Could you give back the records exactly, taking out the pictures?

*** Opening of Supplied data ***

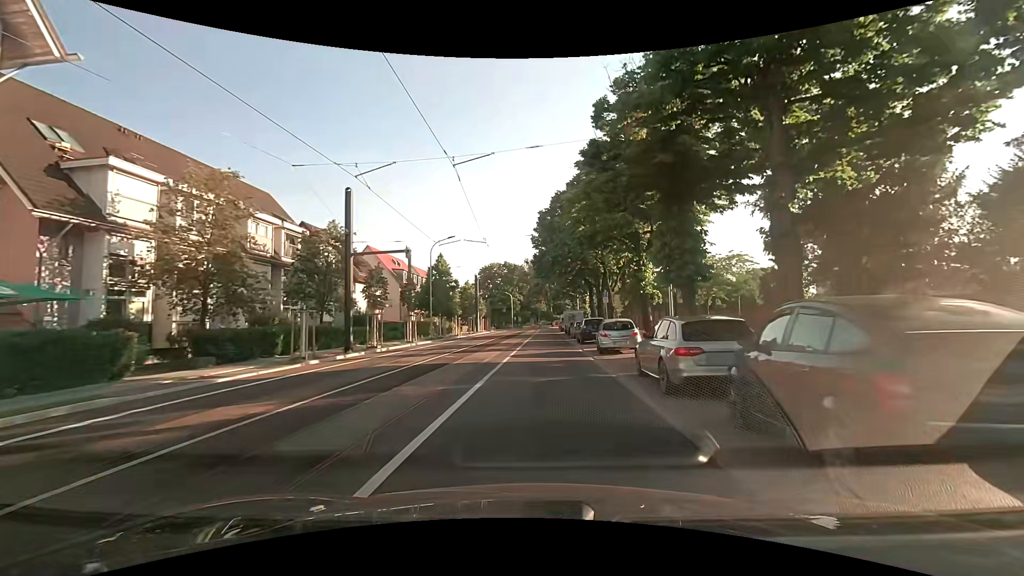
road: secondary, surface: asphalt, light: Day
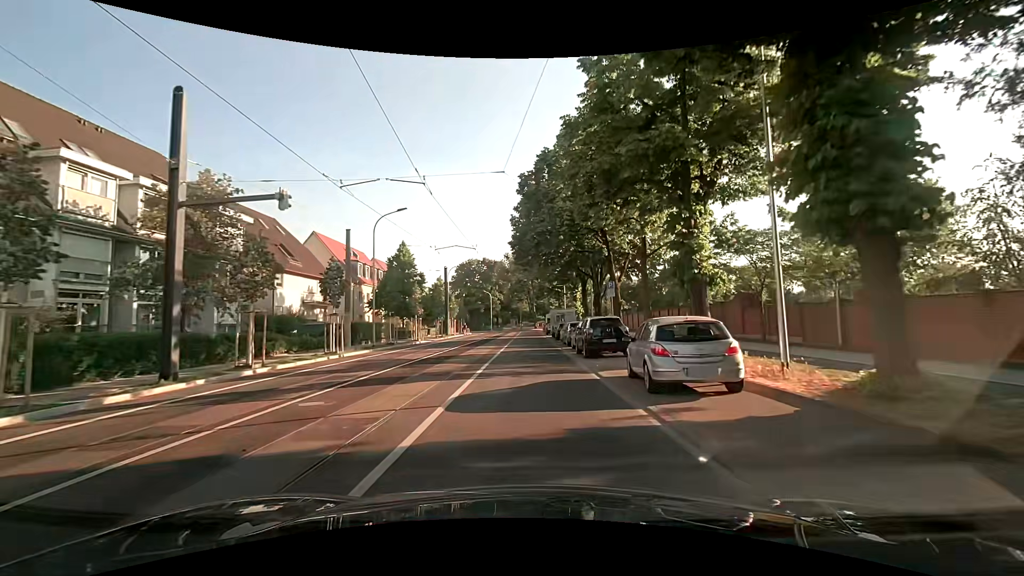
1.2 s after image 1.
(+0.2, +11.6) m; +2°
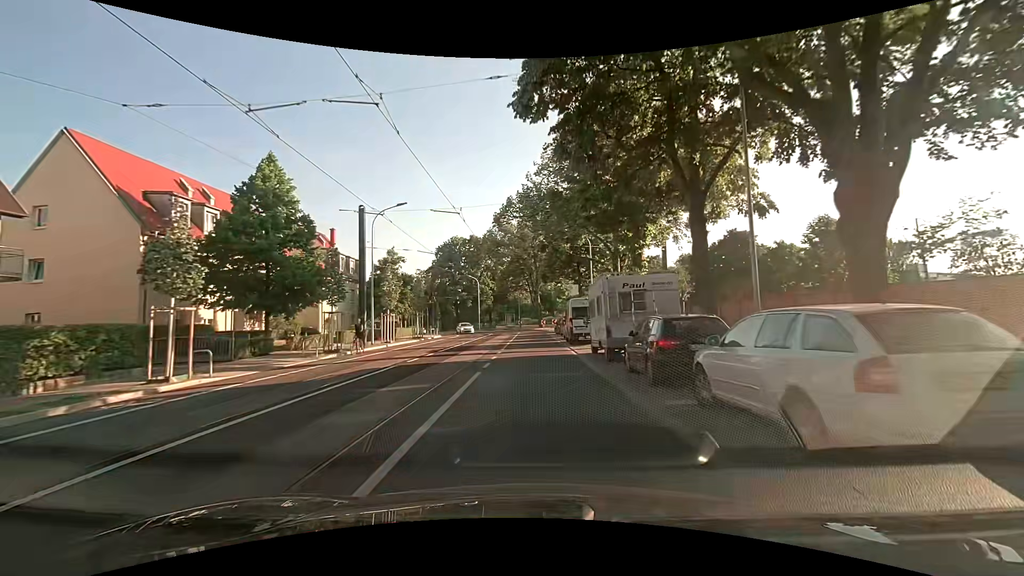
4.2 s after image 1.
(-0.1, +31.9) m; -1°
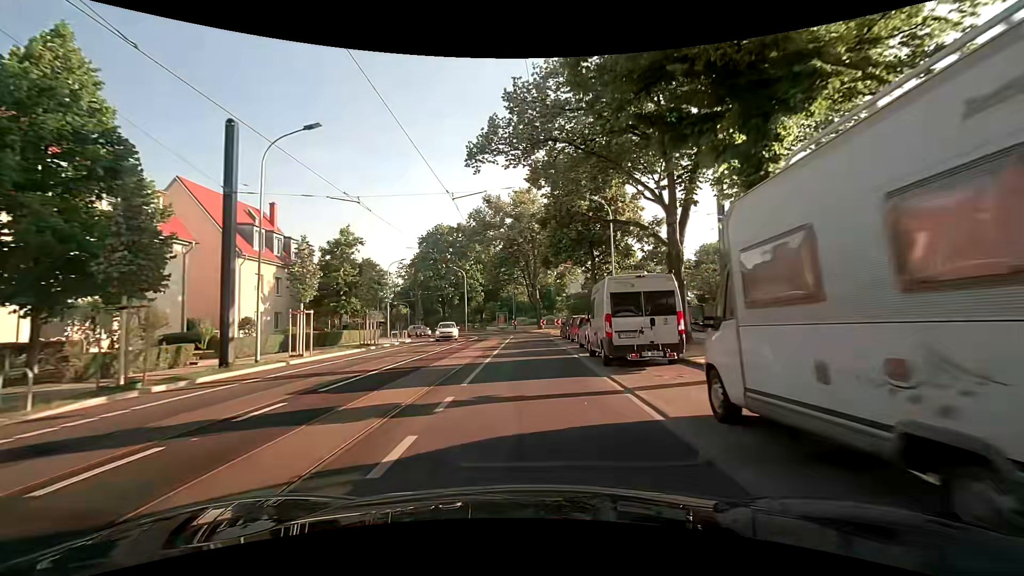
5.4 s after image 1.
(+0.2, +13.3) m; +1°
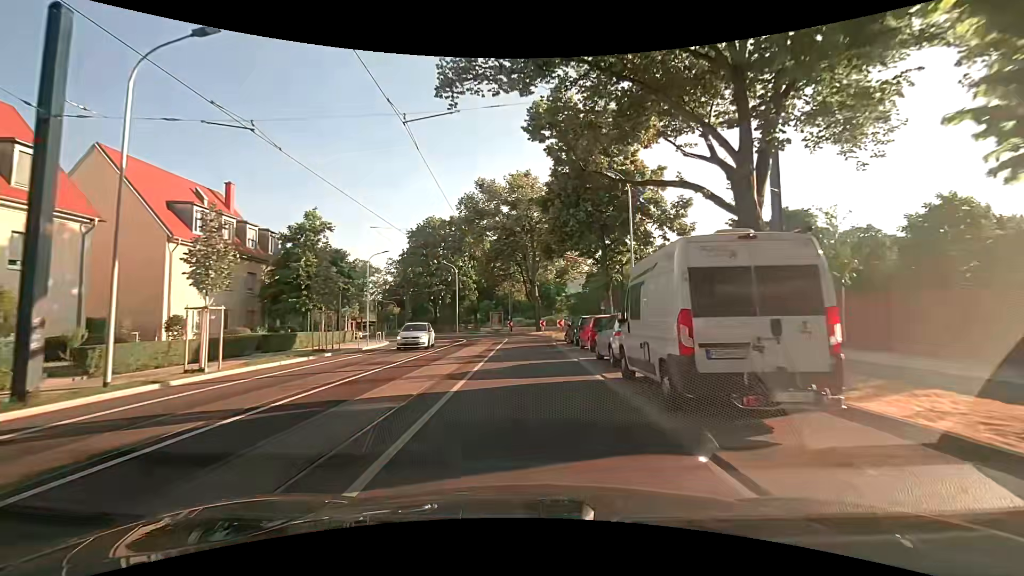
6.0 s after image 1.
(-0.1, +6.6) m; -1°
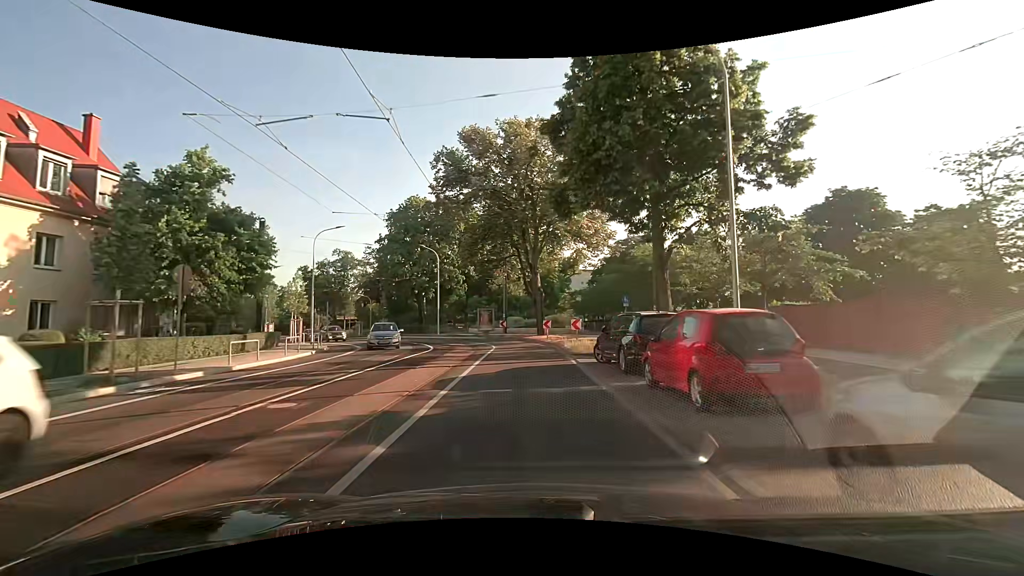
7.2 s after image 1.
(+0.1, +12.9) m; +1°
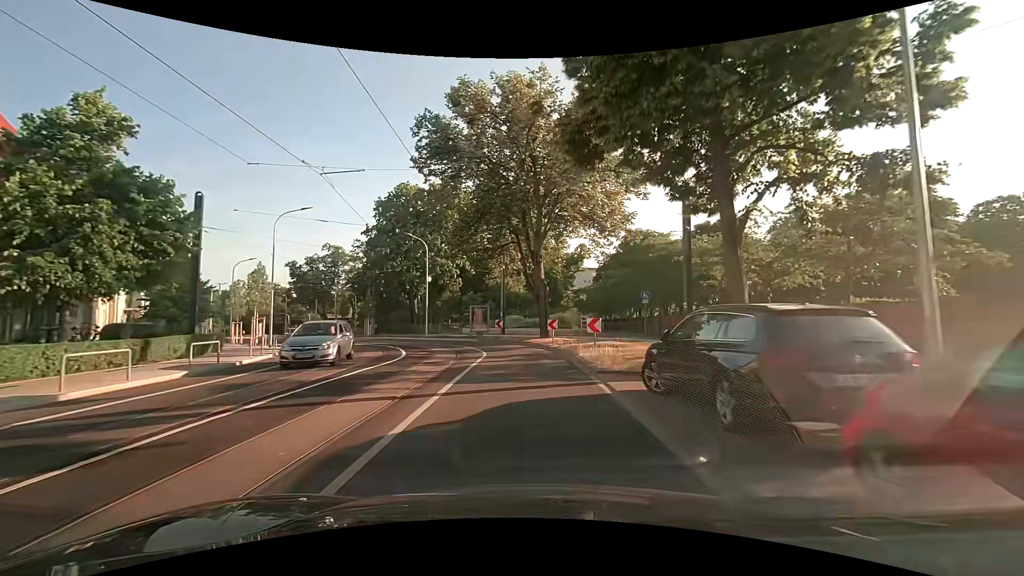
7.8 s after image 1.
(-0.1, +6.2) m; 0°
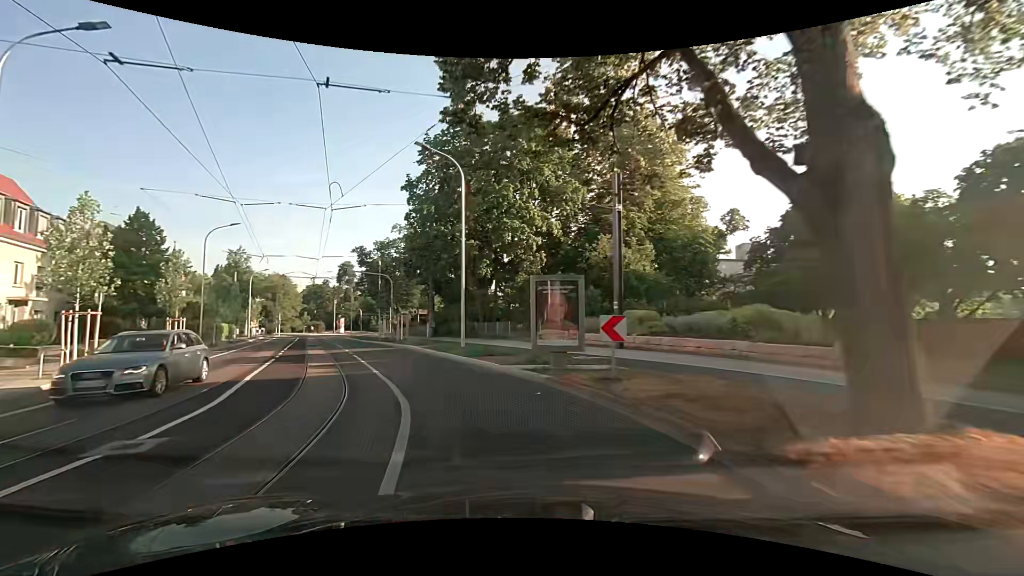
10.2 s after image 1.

*** Close of Supplied data ***

▶ Response:
road: secondary, surface: asphalt, light: Day
1.2 s after image 1.
(+0.2, +11.6) m; +2°
4.2 s after image 1.
(-0.1, +31.9) m; -1°
5.4 s after image 1.
(+0.2, +13.3) m; +1°
6.0 s after image 1.
(-0.1, +6.6) m; -1°
7.2 s after image 1.
(+0.1, +12.9) m; +1°
7.8 s after image 1.
(-0.1, +6.2) m; 0°
10.2 s after image 1.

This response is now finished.